Work order: Write out each line of the entries below that holds the word "linearGradient".

Records for this exercise:
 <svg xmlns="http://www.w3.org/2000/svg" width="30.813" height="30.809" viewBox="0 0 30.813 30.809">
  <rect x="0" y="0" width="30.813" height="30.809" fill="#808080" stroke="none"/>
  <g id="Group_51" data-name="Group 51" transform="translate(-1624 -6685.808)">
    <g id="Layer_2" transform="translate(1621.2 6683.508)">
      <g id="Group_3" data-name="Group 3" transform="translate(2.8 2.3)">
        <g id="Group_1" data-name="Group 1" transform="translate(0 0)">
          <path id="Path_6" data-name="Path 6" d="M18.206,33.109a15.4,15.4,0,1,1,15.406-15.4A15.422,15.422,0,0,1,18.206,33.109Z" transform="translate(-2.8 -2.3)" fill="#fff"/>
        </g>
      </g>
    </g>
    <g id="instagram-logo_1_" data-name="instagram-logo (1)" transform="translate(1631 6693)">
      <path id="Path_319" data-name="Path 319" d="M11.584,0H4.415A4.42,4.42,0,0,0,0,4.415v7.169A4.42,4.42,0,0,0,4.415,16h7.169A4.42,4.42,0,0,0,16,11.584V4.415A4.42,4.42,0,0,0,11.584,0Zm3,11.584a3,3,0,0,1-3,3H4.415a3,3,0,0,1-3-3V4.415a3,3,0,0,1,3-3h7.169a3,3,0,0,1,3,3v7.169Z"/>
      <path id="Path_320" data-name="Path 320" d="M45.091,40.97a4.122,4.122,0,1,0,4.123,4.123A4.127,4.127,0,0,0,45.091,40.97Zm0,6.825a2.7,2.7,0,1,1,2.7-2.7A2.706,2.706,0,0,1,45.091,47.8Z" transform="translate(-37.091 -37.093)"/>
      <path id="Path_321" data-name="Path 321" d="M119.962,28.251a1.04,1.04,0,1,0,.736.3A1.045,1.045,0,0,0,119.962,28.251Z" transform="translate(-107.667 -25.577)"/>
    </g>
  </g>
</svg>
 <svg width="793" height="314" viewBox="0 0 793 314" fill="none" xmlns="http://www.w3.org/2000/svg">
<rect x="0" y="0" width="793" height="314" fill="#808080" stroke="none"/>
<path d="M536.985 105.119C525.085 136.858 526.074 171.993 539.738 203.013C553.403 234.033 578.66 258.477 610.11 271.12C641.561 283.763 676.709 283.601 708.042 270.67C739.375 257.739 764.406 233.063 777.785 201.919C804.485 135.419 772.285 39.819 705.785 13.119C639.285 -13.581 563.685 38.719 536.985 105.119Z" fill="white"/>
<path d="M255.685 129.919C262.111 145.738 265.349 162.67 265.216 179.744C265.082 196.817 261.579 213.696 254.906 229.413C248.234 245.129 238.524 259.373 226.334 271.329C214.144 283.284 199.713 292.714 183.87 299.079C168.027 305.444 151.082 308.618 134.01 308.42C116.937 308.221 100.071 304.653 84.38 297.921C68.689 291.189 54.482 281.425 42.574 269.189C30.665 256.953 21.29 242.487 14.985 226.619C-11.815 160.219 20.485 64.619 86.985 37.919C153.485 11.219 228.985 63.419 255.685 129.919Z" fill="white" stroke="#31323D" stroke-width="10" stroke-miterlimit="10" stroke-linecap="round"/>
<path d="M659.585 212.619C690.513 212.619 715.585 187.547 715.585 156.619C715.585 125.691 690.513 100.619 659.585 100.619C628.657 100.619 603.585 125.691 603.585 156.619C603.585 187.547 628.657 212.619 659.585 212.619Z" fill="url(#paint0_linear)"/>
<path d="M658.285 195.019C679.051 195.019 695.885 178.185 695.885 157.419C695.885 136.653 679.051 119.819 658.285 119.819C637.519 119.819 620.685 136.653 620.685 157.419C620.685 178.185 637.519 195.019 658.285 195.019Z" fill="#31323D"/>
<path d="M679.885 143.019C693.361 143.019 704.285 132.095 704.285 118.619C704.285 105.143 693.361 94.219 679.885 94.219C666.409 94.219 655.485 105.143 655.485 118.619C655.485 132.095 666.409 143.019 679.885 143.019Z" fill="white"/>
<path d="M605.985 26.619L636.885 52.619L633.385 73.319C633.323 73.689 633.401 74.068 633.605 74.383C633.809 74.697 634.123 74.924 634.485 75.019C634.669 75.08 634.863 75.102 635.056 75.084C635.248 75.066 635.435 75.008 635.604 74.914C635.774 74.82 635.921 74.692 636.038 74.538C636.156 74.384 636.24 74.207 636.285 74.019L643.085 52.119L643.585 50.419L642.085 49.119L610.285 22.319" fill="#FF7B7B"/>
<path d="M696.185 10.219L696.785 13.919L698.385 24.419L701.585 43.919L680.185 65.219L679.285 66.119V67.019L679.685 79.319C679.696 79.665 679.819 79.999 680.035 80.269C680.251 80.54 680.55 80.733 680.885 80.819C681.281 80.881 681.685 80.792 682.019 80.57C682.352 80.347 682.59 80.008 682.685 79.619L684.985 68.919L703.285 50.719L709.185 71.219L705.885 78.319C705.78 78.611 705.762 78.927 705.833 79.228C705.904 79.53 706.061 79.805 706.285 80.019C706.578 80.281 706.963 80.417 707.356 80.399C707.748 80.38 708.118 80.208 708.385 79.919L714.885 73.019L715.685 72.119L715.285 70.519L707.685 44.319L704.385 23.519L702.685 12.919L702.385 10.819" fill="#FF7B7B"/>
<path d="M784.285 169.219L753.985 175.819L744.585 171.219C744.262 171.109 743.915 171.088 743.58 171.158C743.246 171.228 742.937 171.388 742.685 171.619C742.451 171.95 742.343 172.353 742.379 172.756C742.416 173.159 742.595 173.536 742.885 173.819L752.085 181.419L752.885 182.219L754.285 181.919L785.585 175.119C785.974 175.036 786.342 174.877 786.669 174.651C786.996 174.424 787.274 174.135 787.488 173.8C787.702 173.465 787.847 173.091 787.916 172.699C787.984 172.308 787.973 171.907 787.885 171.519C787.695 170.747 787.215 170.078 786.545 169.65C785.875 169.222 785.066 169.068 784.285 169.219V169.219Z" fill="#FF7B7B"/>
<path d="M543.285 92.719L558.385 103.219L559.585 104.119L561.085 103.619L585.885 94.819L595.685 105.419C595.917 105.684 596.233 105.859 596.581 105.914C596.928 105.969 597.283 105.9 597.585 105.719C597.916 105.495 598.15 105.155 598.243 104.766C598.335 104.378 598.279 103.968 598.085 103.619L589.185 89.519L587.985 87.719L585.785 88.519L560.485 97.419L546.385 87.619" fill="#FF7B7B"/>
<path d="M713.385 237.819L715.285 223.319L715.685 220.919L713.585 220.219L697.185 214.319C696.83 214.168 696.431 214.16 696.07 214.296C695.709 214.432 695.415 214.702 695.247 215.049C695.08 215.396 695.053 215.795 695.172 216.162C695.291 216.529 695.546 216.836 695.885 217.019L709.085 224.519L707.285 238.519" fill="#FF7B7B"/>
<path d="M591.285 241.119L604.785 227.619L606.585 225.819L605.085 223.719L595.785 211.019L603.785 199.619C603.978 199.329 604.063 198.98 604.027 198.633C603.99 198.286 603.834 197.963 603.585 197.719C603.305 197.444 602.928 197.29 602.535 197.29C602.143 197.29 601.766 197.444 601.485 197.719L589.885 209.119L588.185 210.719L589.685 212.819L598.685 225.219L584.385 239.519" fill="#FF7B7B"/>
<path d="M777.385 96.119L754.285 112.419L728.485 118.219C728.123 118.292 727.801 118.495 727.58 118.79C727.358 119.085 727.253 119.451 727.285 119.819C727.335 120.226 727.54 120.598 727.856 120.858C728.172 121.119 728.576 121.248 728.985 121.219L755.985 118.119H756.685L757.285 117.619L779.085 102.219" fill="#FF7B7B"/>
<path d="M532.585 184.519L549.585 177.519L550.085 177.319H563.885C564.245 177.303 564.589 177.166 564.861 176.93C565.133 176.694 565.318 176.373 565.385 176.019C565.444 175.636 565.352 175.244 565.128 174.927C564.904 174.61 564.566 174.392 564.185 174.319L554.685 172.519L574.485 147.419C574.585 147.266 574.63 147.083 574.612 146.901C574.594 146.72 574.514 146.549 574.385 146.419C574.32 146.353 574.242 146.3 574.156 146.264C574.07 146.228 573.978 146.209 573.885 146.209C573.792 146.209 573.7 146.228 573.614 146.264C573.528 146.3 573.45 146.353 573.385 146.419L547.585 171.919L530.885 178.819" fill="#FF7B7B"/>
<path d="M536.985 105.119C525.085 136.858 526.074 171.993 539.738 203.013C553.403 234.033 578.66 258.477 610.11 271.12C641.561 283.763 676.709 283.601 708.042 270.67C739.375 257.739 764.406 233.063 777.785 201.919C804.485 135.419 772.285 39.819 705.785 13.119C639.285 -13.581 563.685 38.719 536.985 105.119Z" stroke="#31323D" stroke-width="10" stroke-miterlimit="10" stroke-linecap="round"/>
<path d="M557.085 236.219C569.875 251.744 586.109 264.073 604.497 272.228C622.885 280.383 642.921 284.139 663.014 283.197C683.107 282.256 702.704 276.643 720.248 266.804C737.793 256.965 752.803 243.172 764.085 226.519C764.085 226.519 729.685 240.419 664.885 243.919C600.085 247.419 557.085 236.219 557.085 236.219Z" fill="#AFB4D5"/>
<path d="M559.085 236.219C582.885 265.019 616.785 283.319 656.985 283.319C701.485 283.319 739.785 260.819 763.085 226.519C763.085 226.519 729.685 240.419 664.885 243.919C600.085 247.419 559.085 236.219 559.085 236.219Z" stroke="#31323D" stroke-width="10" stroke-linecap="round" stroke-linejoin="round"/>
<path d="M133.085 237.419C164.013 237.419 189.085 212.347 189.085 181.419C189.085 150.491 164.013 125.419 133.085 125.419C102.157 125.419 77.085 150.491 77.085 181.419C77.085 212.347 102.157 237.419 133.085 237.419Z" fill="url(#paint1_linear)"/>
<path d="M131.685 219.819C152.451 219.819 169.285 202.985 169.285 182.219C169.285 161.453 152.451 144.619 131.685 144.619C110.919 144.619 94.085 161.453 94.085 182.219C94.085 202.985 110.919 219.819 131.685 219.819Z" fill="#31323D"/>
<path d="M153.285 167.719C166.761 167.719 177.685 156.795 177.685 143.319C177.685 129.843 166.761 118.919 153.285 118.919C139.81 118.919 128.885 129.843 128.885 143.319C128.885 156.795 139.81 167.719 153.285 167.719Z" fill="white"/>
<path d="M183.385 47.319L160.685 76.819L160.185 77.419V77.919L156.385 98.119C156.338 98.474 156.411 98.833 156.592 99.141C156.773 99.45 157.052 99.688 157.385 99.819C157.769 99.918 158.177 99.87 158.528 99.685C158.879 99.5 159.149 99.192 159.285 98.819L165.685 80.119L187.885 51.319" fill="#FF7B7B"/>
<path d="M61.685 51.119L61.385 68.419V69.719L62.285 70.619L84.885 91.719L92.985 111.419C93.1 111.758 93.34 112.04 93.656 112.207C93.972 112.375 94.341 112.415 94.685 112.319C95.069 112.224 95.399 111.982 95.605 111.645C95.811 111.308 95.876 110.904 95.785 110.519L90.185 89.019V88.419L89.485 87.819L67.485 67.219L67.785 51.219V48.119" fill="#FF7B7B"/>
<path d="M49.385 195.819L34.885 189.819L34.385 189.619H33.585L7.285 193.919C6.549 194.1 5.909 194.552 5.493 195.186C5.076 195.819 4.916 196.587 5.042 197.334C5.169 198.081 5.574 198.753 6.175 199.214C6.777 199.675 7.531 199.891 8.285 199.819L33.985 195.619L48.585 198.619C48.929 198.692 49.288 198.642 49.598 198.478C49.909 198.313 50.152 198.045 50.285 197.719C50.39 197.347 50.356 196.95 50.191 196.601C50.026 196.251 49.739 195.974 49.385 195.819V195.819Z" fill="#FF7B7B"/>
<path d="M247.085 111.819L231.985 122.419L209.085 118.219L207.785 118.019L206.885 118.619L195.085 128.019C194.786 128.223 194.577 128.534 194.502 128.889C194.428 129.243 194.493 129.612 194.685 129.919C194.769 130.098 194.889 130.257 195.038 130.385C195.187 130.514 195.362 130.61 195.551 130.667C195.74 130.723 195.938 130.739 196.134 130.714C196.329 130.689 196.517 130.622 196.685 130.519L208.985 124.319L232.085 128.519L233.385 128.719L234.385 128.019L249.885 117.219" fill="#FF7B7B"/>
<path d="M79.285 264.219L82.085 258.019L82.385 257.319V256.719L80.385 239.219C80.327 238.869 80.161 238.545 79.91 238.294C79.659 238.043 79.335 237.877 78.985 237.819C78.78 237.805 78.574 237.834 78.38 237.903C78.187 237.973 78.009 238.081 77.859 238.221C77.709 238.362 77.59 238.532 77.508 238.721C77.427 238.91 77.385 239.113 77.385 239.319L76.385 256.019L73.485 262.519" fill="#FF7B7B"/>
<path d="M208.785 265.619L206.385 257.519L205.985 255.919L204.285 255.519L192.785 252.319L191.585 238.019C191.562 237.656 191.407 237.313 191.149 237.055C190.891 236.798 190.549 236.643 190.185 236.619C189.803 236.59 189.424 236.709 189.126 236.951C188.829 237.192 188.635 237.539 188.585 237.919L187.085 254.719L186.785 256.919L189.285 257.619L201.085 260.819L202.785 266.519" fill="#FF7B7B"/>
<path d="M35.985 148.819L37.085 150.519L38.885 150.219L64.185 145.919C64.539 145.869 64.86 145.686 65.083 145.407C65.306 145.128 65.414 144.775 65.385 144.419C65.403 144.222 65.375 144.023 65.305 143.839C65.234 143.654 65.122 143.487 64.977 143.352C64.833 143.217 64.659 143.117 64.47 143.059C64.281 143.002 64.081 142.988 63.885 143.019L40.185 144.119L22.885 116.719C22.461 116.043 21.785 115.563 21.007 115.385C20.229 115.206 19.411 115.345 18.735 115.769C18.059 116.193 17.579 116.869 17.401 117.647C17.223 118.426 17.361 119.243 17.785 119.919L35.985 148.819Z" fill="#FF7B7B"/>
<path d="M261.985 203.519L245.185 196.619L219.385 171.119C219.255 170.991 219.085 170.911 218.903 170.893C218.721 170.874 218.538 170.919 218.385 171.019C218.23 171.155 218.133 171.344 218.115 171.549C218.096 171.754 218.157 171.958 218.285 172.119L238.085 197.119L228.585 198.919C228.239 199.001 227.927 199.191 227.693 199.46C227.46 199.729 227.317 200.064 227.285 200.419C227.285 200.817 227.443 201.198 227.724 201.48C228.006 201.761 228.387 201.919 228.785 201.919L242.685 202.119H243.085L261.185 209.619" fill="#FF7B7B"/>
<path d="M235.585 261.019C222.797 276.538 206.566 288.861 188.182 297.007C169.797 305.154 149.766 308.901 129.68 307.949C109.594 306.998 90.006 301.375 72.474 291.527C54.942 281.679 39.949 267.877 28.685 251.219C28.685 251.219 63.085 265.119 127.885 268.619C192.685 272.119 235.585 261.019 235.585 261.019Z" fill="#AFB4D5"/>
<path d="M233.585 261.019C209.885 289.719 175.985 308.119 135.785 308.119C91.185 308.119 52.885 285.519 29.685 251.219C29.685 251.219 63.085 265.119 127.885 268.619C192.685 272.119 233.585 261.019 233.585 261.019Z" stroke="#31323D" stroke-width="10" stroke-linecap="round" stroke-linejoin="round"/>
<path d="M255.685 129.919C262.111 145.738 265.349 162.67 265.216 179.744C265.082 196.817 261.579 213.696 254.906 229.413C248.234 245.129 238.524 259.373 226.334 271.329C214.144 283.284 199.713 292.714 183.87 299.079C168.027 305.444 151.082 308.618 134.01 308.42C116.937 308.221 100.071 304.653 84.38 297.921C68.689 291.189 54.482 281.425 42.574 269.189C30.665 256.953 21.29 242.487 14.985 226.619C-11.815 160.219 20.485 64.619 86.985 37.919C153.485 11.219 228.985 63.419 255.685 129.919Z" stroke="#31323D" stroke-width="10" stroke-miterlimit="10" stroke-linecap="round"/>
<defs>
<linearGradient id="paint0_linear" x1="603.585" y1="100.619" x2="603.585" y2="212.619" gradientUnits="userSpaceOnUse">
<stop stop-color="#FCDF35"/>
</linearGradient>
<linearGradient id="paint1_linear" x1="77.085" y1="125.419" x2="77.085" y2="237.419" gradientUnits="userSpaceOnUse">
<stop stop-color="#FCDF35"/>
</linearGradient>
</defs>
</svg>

Task answer:
<linearGradient id="paint0_linear" x1="603.585" y1="100.619" x2="603.585" y2="212.619" gradientUnits="userSpaceOnUse">
</linearGradient>
<linearGradient id="paint1_linear" x1="77.085" y1="125.419" x2="77.085" y2="237.419" gradientUnits="userSpaceOnUse">
</linearGradient>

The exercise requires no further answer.